* Your assignment: Copy the records below exactly, leaving out any pictures.

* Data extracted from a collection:
====================

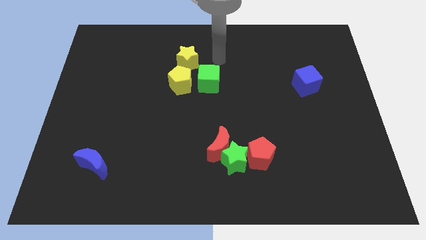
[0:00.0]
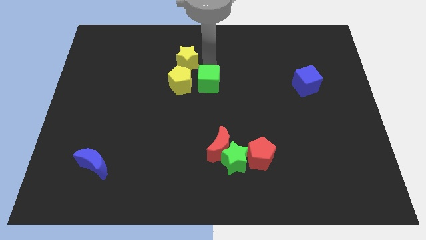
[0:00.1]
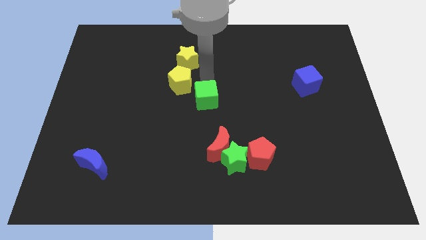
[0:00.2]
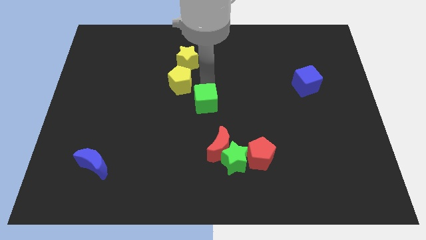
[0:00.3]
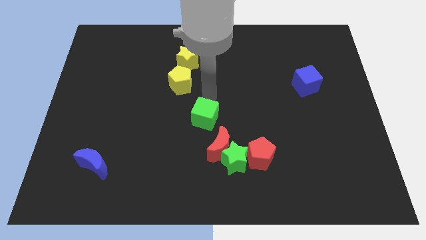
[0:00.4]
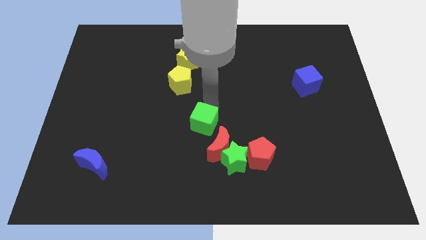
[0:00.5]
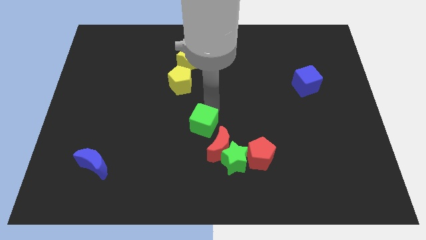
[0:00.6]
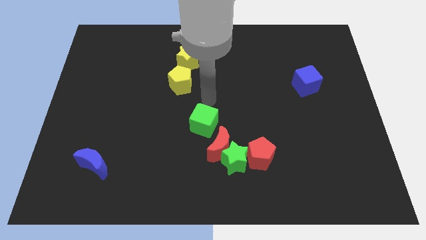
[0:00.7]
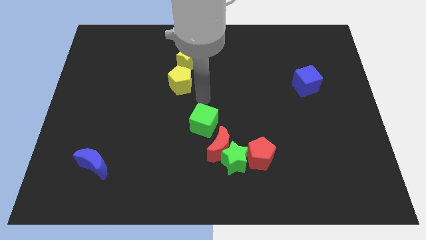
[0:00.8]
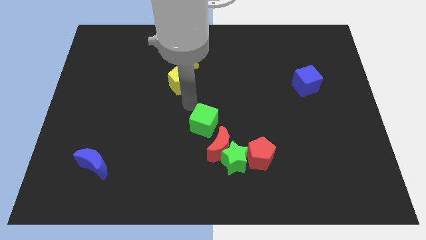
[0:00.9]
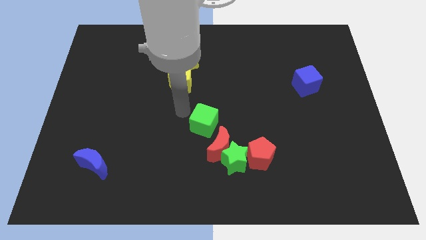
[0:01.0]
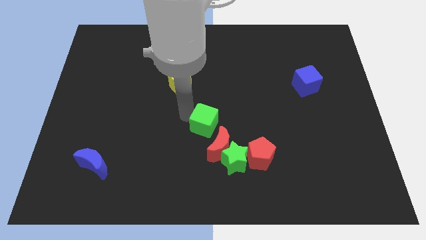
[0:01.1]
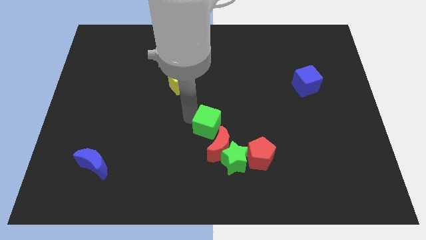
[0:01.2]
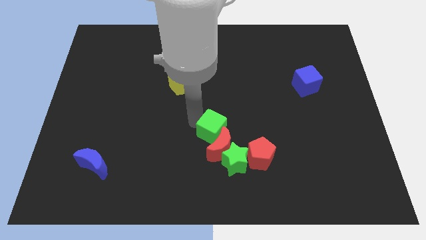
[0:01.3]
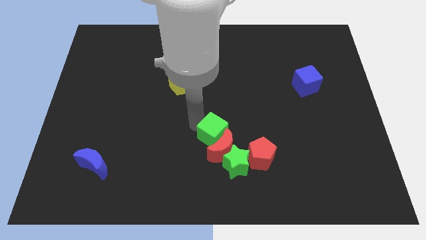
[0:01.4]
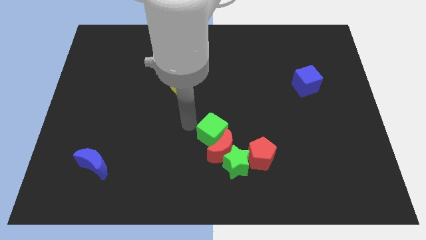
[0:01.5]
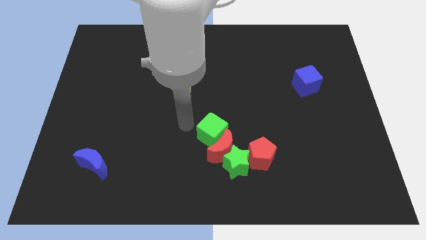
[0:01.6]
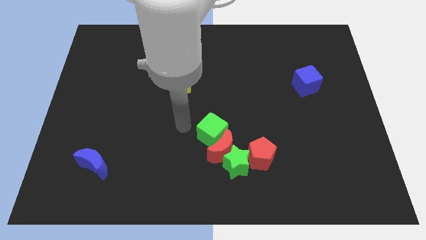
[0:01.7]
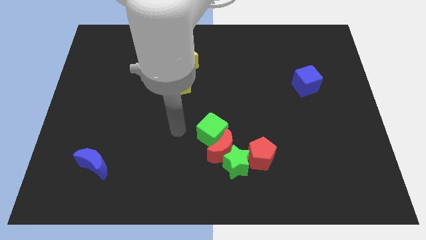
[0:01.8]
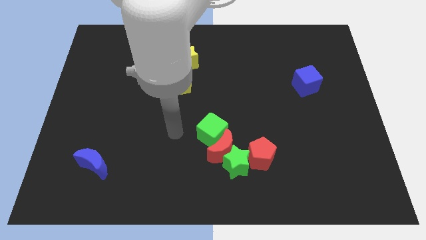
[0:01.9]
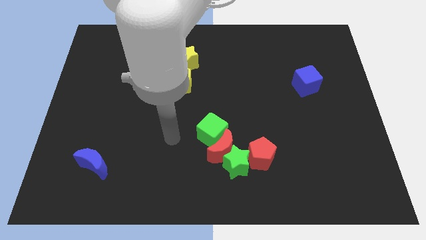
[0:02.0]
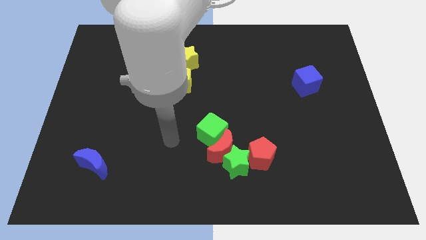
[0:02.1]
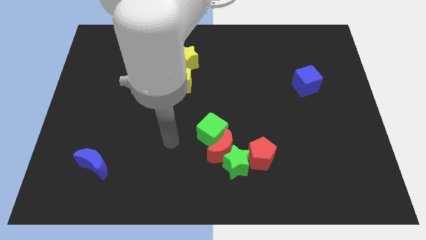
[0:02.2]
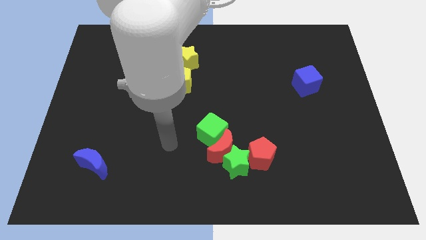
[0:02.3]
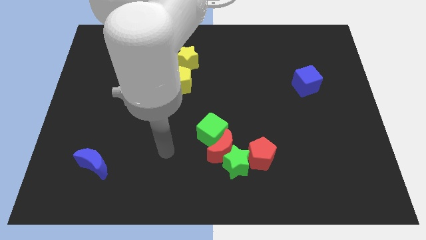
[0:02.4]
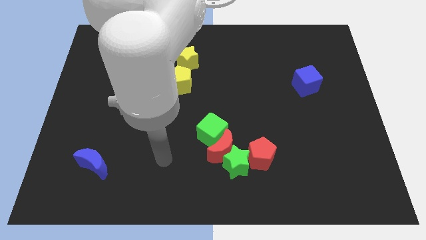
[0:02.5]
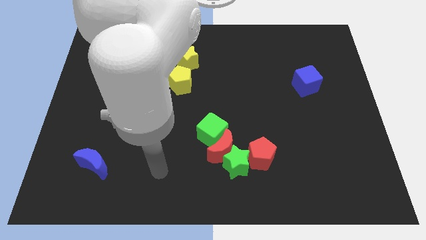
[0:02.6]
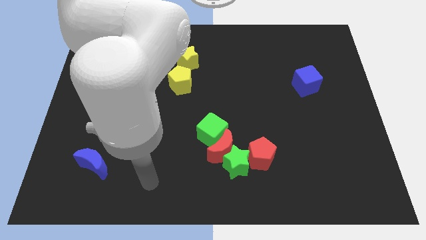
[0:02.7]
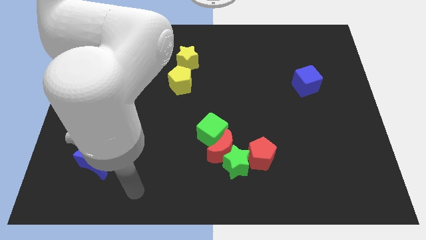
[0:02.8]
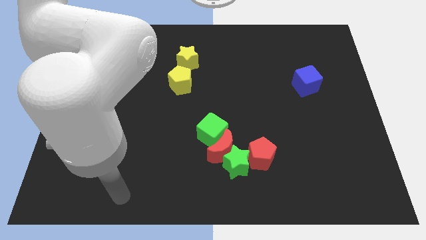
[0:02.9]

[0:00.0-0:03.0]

====================

* Written response:
[0:00.0]
[0:00.1]
[0:00.2]
[0:00.3]
[0:00.4]
[0:00.5]
[0:00.6]
[0:00.7]
[0:00.8]
[0:00.9]
[0:01.0]
[0:01.1]
[0:01.2]
[0:01.3]
[0:01.4]
[0:01.5]
[0:01.6]
[0:01.7]
[0:01.8]
[0:01.9]
[0:02.0]
[0:02.1]
[0:02.2]
[0:02.3]
[0:02.4]
[0:02.5]
[0:02.6]
[0:02.7]
[0:02.8]
[0:02.9]

[0:00.0-0:03.0]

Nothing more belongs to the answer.